Medan – Seiring penanganan kasus narkoba tersebut, muncul berbagai reaksi dari sejumlah pihak.
Dalam perkembangannya, beredar tudingan di media sosial yang menuduh Kombes Pol Julihan melakukan pemerasan dan menerima uang dari terduga pelanggar yang merupakan anggota Polri.
Isu tersebut pertama kali mencuat setelah beredarnya sejumlah unggahan video di media sosial yang memuat pengakuan dan keluhan dugaan pemerasan terhadap personel di lingkungan Polda Sumut. Unggahan itu kemudian viral dan mendapat perhatian luas publik.

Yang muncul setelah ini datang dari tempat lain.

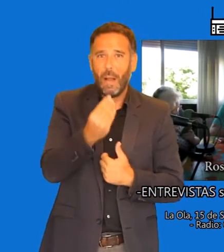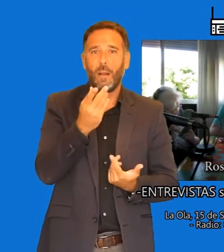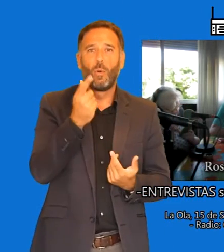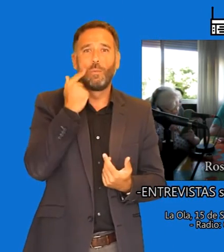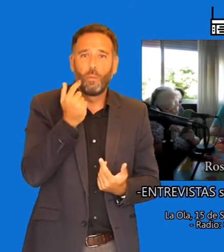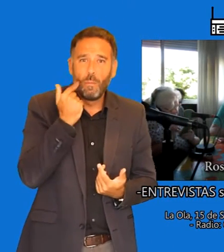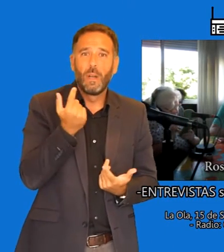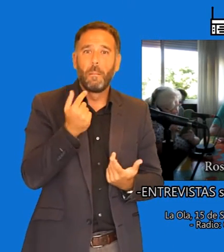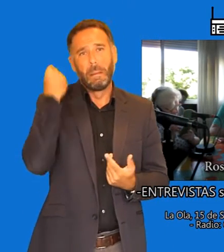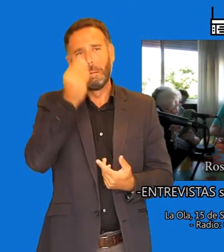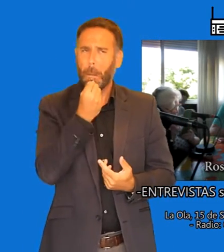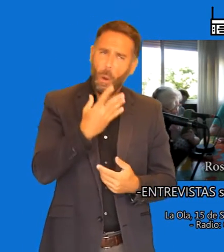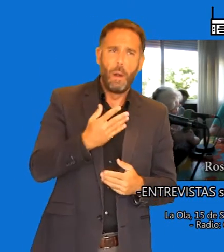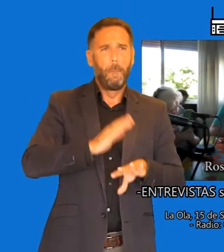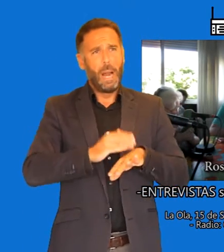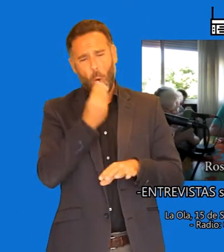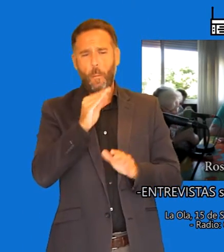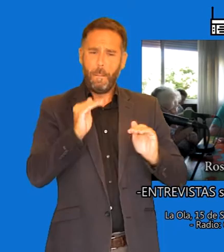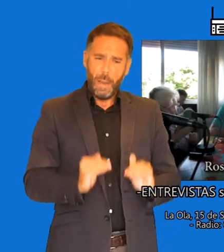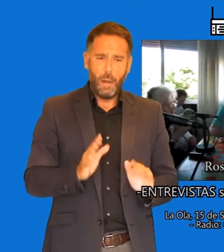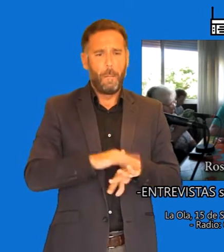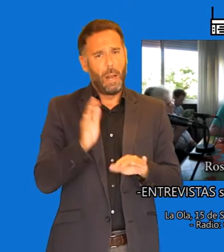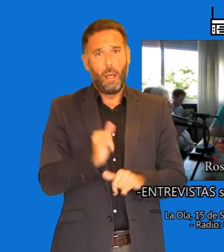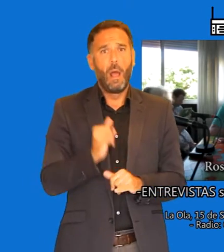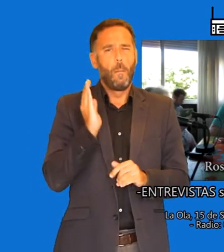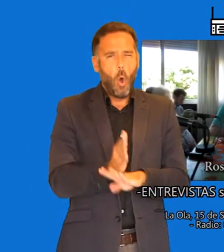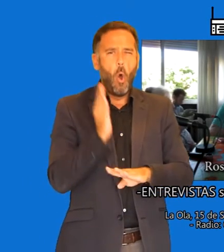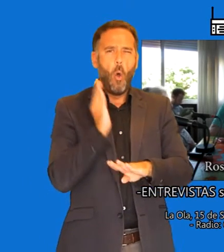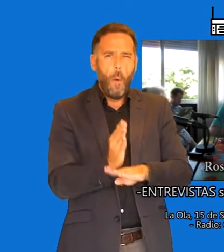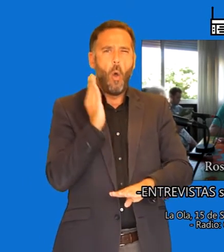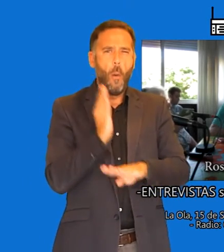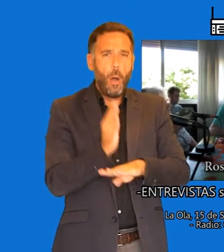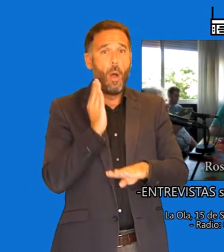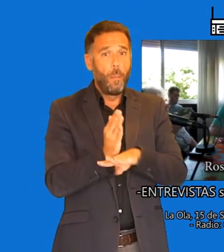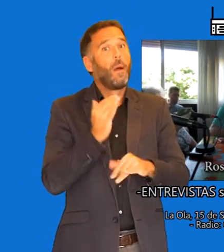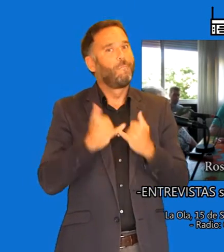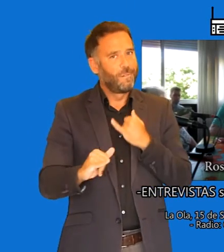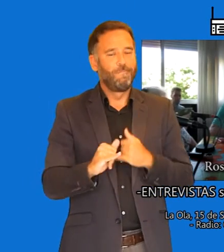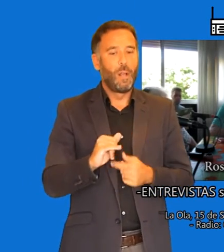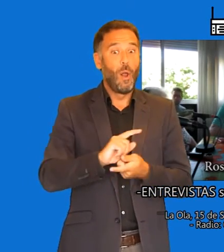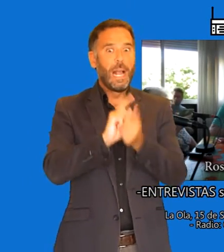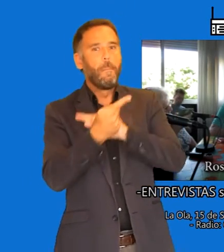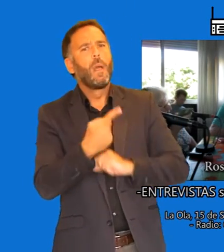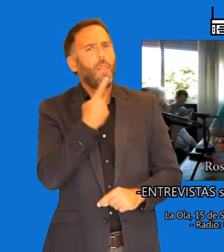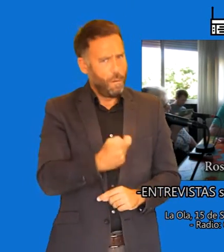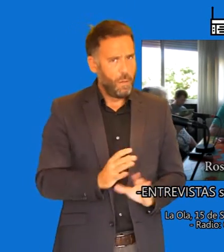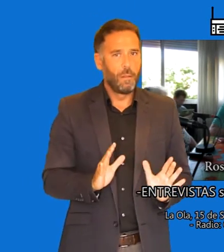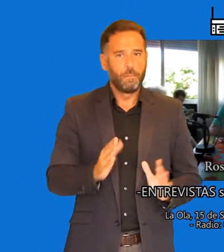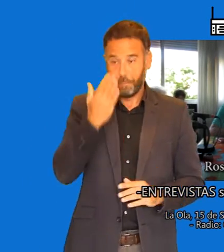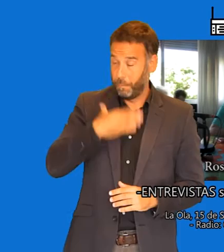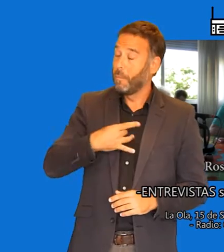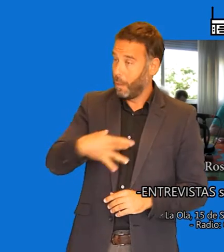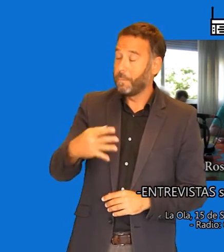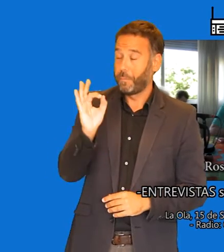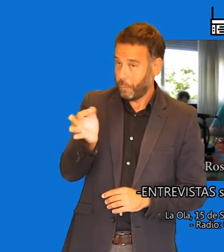pensando que son buenos porque, oye, que esto es muy sano. saben ellas que son malos, a ver si lo entienden. Hombre, lo sabemos los que, lo saben la gente especialista que está de fuera,

Menindaklanjuti hal tersebut, Polda Sumut membentuk tim internal untuk menelusuri kebenaran informasi yang beredar.
Dalam dinamika kasus tersebut, Kombes Pol Julihan sempat dicopot dari jabatannya sebagai Kabid Propam Polda Sumut guna kepentingan pemeriksaan,Selasa 6/01/2026.
Mabes Polri kemudian mengambil alih penanganan dengan melakukan pemeriksaan mendalam terhadap Kombes Pol Julihan. Hasilnya, Mabes Polri menyatakan tidak menemukan bukti yang mendukung tudingan pemerasan maupun penerimaan uang.
“Berdasarkan hasil pemeriksaan yang dilakukan secara menyeluruh oleh tim Mabes Polri, tidak ditemukan satu pun bukti yang menguatkan adanya dugaan pemerasan maupun penerimaan uang oleh Kombes Pol Julihan. Semua tudingan yang beredar di media sosial tidak terbukti,” ujar perwakilan Mabes Polri.
Mabes Polri juga menegaskan bahwa selama menjabat sebagai Kabid Propam, Kombes Pol Julihan aktif menangani kasus-kasus pelanggaran, termasuk perkara narkoba yang melibatkan oknum anggota Polri.
“Selama menjabat sebagai Kabid Propam Polda Sumatera Utara, yang bersangkutan menangani sejumlah perkara narkoba yang melibatkan oknum anggota. Penanganan kasus-kasus tersebut masih berjalan sesuai prosedur hukum yang berlaku,” katanya.
Polri turut mengimbau masyarakat untuk tidak mudah terpengaruh oleh informasi yang belum terverifikasi.
“Kami mengimbau masyarakat agar tidak mudah mempercayai informasi yang belum jelas sumber dan kebenarannya. Polri berkomitmen menindak tegas setiap pelanggaran, sekaligus melindungi anggota yang bekerja sesuai aturan,” tegasnya.
Dengan hasil pemeriksaan tersebut, Mabes Polri menegaskan bahwa tudingan pemerasan terhadap Kombes Pol Julihan tidak terbukti secara hukum.